Peut-être y aura-t-on été attentif : outre l’emblématique palmier, il y a un second motif que l’on retrouve dans nombre de cartoons sur le thème de l’île déserte : c’est celui du bateau que l’on aperçoit à l’horizon. Il s’agit quelquefois de celui d’où pourrait venir un hypothétique salut (à l’instar du brick l’Argus qui, le 17 juillet 1816, recueillit les quinze survivants du radeau de la Méduse), mais c’est, plus souvent, celui-là même qui vient de faire naufrage, et dont la coque, peu à peu, s’enfonce dans les flots.
Une page de la série Balthazar, par Bob De Moor (une cinquantaine de planches publiées dans l’hebdomadaire Tintin de 1965 à 1967, un album chez Magic Strip en 1984) réussit le tour de force de réunir les deux. Balthazar a fait naufrage mais sur l’îlot qu’il a pu gagner à la nage il trouve une réserve providentielle de fusées de détresse. Las ! La première qu’il tire fait exploser le pétrolier qui aurait pu le recueillir.
Nous avons rencontré ce motif du bateau faisant naufrage chez Mose, chez Maurice Henry, en voici un exemple chez Bosc.
Et voici maintenant un cartoon de Gary Larson, tiré de sa célèbre série The Far Side (1980-1995), qui constitue l’un des fleurons de l’humour absurde. Sur un minuscule îlot, le canard, personnage récurrent de l’humoriste américain, y accueille un naufragé en tenue de laboratoire par ces mots : « Tiens donc, le professeur Jenkins !… Mon vieil ennemi !… Nous nous retrouvons, mais cette fois l’avantage est pour moi ! Ha ! Ha ! Ha ! » Tandis qu’à moins d’une encablure, le bateau du professeur s’abîme dans les flots.

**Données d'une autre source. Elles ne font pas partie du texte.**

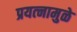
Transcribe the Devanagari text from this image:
प्रयत्‍नामुळे
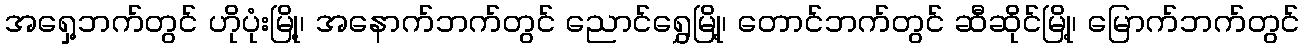
အရှေ့ဘက်တွင် ဟိုပုံးမြို့၊ အနောက်ဘက်တွင် ညောင်ရွှေမြို့၊ တောင်ဘက်တွင် ဆီဆိုင်မြို့၊ မြောက်ဘက်တွင်
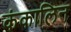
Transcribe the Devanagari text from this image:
कंकालिन
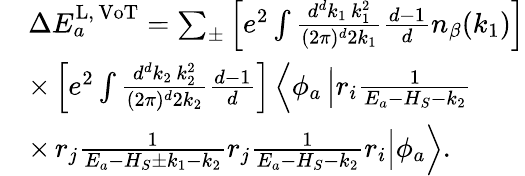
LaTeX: \begin{array}{rl}&{\Delta E_{a}^{\mathrm{L,\, VoT}}=\sum_{\pm}\left[e^{2}\int\frac{d^{d}k_{1}\, k_{1}^{2}}{(2\pi)^{d}2k_{1}}\frac{d-1}{d}n_{\beta}(k_{1})\right]}\\ &{\times\left[e^{2}\int\frac{d^{d}k_{2}\, k_{2}^{2}}{(2\pi)^{d}2k_{2}}\frac{d-1}{d}\right]\left\langle\phi_{a}\left|r_{i}\frac{1}{E_{a}-H_{S}-k_{2}}\right.\right.}\\ &{\times\left.\left.r_{j}\frac{1}{E_{a}-H_{S}\pm k_{1}-k_{2}}r_{j}\frac{1}{E_{a}-H_{S}-k_{2}}r_{i}\right|\phi_{a}\right\rangle.}\end{array}
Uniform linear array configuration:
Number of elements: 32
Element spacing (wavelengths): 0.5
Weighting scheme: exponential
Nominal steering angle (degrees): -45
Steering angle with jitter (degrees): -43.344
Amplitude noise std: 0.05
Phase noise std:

La récurrence de cet élément secondaire invite à quelques réflexions. Il est frappant que, dans notre corpus, les causes du naufrage ne soient jamais apparentes. Pas le moindre iceberg, pas le plus petit récif, aucun signe d’un quelconque ouragan : le bateau sombre par temps calme, sur une mer d’huile, sans cause apparente (la colonne de fumée s’échappant de celui de Larson laisse toutefois supposer un incendie à bord). L’autre anomalie est évidemment le fait qu’il n’y a généralement – le dessin de Bosc fait exception – qu’un seul rescapé (à comparer avec les 711 survivants du Titanic ou les 147 personnes montées à bord du radeau de la Méduse, avant que leur nombre ne diminue tragiquement au fil des jours) – dans le meilleur des cas un couple.
Le thème de la catastrophe maritime est un classique du roman d’aventures. Il est omniprésent dans l’œuvre de Jules Verne qui, dans ce domaine, emprunte principalement à deux prédécesseurs : Daniel Defoe bien sûr, mais également Edgar Allan Poe (pas moins de quatre naufrages dans les Aventures d’Arthur Gordon Pym !). Sur ce sujet, on peut se reporter à l’ouvrage d’Yves Gilli, Florent Montaclair et Sylvie Petit Le Naufrage dans l’œuvre de Jules Verne (L’Harmattan, 1998). Les auteurs montrent que le naufrage est un révélateur de la vision que se faisait le romancier de la condition humaine. D’une part, il met en lumière la folie, le désespoir, la barbarie, la régression collective, de l’autre il permet aux êtres d’exception de se révéler et de donner leur pleine mesure.
Les dessins d’humour ne conservent rien de tout ce qui fait la dramaturgie et la richesse littéraires du naufrage. La représentation du bateau en train de couler est contingente ; seul compte l’après, quand le naufrage se retrouve seul sur son île (tels Grant ou Ayrton chez Verne). Le fait de montrer le bateau en arrière-plan apporte seulement une précision temporelle ; il établit que, la catastrophe venant juste de se produire, le naufragé n’a pris pied sur son île déserte que depuis très peu de temps. Quand le bateau sinistré n’est pas montré, rien ne permet de savoir depuis combien de temps le personnage habite son île – rien, sinon l’état de ses vêtements et la longueur de sa barbe.